**What to do**
Every record below is to be restated word for word.

**Data to process**
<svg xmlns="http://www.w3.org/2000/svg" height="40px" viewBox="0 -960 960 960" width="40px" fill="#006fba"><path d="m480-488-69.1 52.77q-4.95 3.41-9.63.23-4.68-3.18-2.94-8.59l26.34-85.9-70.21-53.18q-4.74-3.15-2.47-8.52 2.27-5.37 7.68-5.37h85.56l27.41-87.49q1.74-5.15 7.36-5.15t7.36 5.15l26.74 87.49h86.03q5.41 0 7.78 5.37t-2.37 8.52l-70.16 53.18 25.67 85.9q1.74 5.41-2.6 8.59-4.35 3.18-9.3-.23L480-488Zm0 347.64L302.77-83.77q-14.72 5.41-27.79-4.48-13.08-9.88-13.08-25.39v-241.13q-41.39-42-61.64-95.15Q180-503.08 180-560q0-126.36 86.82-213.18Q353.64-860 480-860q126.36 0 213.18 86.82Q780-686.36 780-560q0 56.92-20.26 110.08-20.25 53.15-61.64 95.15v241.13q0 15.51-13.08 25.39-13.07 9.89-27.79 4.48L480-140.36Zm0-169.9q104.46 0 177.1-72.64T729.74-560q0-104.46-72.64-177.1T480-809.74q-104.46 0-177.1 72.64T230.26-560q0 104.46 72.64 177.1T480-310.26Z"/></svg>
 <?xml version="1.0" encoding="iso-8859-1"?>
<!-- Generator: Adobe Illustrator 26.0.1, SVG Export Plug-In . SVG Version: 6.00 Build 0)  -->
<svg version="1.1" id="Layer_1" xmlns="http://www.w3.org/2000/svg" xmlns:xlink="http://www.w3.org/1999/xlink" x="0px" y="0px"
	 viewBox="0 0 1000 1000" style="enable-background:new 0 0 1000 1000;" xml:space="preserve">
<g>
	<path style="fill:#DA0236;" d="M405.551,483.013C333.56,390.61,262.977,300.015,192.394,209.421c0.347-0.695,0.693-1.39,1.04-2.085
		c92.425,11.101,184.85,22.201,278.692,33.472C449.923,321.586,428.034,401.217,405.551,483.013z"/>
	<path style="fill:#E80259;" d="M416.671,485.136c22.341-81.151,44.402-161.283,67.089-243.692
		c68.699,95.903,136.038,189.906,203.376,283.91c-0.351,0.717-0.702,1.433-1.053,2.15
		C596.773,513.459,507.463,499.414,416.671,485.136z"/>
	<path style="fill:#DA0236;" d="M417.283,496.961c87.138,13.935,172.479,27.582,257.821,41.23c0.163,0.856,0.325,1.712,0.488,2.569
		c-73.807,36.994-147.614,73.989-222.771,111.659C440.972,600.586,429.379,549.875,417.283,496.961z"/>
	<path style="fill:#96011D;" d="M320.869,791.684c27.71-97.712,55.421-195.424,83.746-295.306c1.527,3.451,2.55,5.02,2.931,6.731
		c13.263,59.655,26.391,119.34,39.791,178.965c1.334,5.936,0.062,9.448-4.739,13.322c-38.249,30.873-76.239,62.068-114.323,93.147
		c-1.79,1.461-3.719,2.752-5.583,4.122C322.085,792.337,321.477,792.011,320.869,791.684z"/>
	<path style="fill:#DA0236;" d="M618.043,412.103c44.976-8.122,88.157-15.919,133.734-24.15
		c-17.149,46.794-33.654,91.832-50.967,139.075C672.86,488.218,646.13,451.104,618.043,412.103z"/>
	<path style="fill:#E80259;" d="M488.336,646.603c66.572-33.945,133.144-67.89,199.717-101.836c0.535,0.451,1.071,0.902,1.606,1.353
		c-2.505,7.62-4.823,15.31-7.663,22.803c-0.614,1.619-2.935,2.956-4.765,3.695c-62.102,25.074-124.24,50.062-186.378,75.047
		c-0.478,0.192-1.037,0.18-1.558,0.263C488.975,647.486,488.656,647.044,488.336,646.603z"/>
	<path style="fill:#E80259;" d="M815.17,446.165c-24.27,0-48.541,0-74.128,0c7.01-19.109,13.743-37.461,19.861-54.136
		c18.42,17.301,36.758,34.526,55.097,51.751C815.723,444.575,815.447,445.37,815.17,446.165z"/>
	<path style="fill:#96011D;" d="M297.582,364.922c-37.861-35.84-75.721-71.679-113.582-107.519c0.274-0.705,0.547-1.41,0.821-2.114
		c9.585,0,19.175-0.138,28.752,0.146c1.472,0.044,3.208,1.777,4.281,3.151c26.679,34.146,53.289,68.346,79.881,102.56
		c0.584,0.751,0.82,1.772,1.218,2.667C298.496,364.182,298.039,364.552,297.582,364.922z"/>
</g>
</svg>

**Finished task**
<svg xmlns="http://www.w3.org/2000/svg" height="40px" viewBox="0 -960 960 960" width="40px" fill="#006fba"><path d="m480-488-69.1 52.77q-4.95 3.41-9.63.23-4.68-3.18-2.94-8.59l26.34-85.9-70.21-53.18q-4.74-3.15-2.47-8.52 2.27-5.37 7.68-5.37h85.56l27.41-87.49q1.74-5.15 7.36-5.15t7.36 5.15l26.74 87.49h86.03q5.41 0 7.78 5.37t-2.37 8.52l-70.16 53.18 25.67 85.9q1.74 5.41-2.6 8.59-4.35 3.18-9.3-.23L480-488Zm0 347.64L302.77-83.77q-14.72 5.41-27.79-4.48-13.08-9.88-13.08-25.39v-241.13q-41.39-42-61.64-95.15Q180-503.08 180-560q0-126.36 86.82-213.18Q353.64-860 480-860q126.36 0 213.18 86.82Q780-686.36 780-560q0 56.92-20.26 110.08-20.25 53.15-61.64 95.15v241.13q0 15.51-13.08 25.39-13.07 9.89-27.79 4.48L480-140.36Zm0-169.9q104.46 0 177.1-72.64T729.74-560q0-104.46-72.64-177.1T480-809.74q-104.46 0-177.1 72.64T230.26-560q0 104.46 72.64 177.1T480-310.26Z"/></svg>
 <?xml version="1.0" encoding="iso-8859-1"?>
<!-- Generator: Adobe Illustrator 26.0.1, SVG Export Plug-In . SVG Version: 6.00 Build 0)  -->
<svg version="1.1" id="Layer_1" xmlns="http://www.w3.org/2000/svg" xmlns:xlink="http://www.w3.org/1999/xlink" x="0px" y="0px"
	 viewBox="0 0 1000 1000" style="enable-background:new 0 0 1000 1000;" xml:space="preserve">
<g>
	<path style="fill:#DA0236;" d="M405.551,483.013C333.56,390.61,262.977,300.015,192.394,209.421c0.347-0.695,0.693-1.39,1.04-2.085
		c92.425,11.101,184.85,22.201,278.692,33.472C449.923,321.586,428.034,401.217,405.551,483.013z"/>
	<path style="fill:#E80259;" d="M416.671,485.136c22.341-81.151,44.402-161.283,67.089-243.692
		c68.699,95.903,136.038,189.906,203.376,283.91c-0.351,0.717-0.702,1.433-1.053,2.15
		C596.773,513.459,507.463,499.414,416.671,485.136z"/>
	<path style="fill:#DA0236;" d="M417.283,496.961c87.138,13.935,172.479,27.582,257.821,41.23c0.163,0.856,0.325,1.712,0.488,2.569
		c-73.807,36.994-147.614,73.989-222.771,111.659C440.972,600.586,429.379,549.875,417.283,496.961z"/>
	<path style="fill:#96011D;" d="M320.869,791.684c27.71-97.712,55.421-195.424,83.746-295.306c1.527,3.451,2.55,5.02,2.931,6.731
		c13.263,59.655,26.391,119.34,39.791,178.965c1.334,5.936,0.062,9.448-4.739,13.322c-38.249,30.873-76.239,62.068-114.323,93.147
		c-1.79,1.461-3.719,2.752-5.583,4.122C322.085,792.337,321.477,792.011,320.869,791.684z"/>
	<path style="fill:#DA0236;" d="M618.043,412.103c44.976-8.122,88.157-15.919,133.734-24.15
		c-17.149,46.794-33.654,91.832-50.967,139.075C672.86,488.218,646.13,451.104,618.043,412.103z"/>
	<path style="fill:#E80259;" d="M488.336,646.603c66.572-33.945,133.144-67.89,199.717-101.836c0.535,0.451,1.071,0.902,1.606,1.353
		c-2.505,7.62-4.823,15.31-7.663,22.803c-0.614,1.619-2.935,2.956-4.765,3.695c-62.102,25.074-124.24,50.062-186.378,75.047
		c-0.478,0.192-1.037,0.18-1.558,0.263C488.975,647.486,488.656,647.044,488.336,646.603z"/>
	<path style="fill:#E80259;" d="M815.17,446.165c-24.27,0-48.541,0-74.128,0c7.01-19.109,13.743-37.461,19.861-54.136
		c18.42,17.301,36.758,34.526,55.097,51.751C815.723,444.575,815.447,445.37,815.17,446.165z"/>
	<path style="fill:#96011D;" d="M297.582,364.922c-37.861-35.84-75.721-71.679-113.582-107.519c0.274-0.705,0.547-1.41,0.821-2.114
		c9.585,0,19.175-0.138,28.752,0.146c1.472,0.044,3.208,1.777,4.281,3.151c26.679,34.146,53.289,68.346,79.881,102.56
		c0.584,0.751,0.82,1.772,1.218,2.667C298.496,364.182,298.039,364.552,297.582,364.922z"/>
</g>
</svg>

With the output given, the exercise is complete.